Ranger’s tail was wagging so hard, his entire body wagged with it.

Finally, Johnny’s eyes lifted and mine went in the direction he aimed them.

And there she was, maybe ten feet from our blanket.

Tall.

Buxom.

A mane of wild, beautiful, dark red hair.

A killer outfit that fit close to the one Johnny was wearing, a slim-fitting, black baby doll tee with what looked like a heart from a playing card on it with some wording in it, seriously faded jeans, worn in cowboy boots and lots of silver at wrists, ears, fingers and neck.

And a face that could start wars and end them.

She was so beautiful, I envied her on sight with such intensity it felt like I shriveled sitting there on my picnic blanket next to Johnny.

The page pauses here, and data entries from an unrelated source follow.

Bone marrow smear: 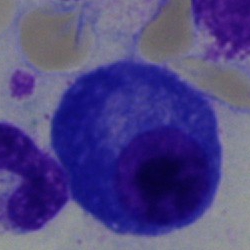
Cell type: plasma cell.
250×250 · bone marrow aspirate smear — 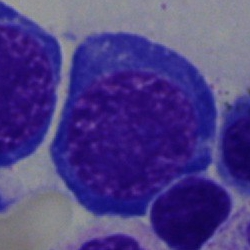

Erythroblast.
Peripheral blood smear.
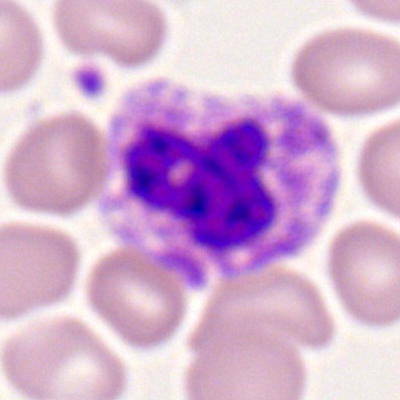 Cell type — neutrophil (segmented).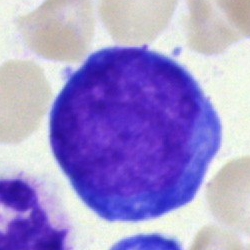

Specimen: bone marrow aspirate smear.
Classification: blast.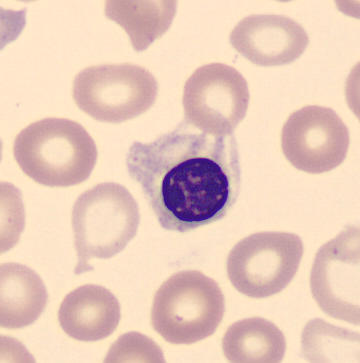Peripheral blood smear.

Impression — nucleated red blood cell.
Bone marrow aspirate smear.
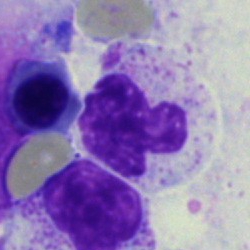

This is a segmented neutrophil.
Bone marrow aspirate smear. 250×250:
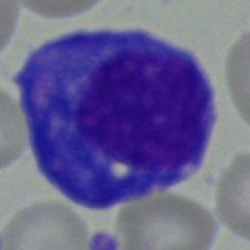The cell shown is a plasmacyte.
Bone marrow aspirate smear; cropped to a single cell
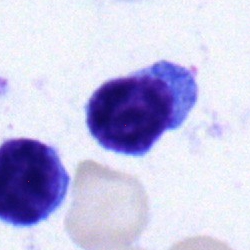 Single cell identified as a typical lymphocyte.
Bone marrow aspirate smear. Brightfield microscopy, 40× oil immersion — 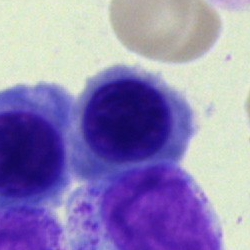 Q: Which cell type is shown here?
A: This is a nucleated red cell.

Shriveled and shrank until I felt two inches tall.

Her face was stricken, pained, tortured.

And then she ran. Like a heroine in a romantic movie, with the grace of the beauty that was just her, she turned and raced through the crowd, bobbing and weaving, her hair flying out behind her, catching the sunlight with a ruby glow.

I was watching her so I didn’t know how it happened but Ranger made a choice and raced after her.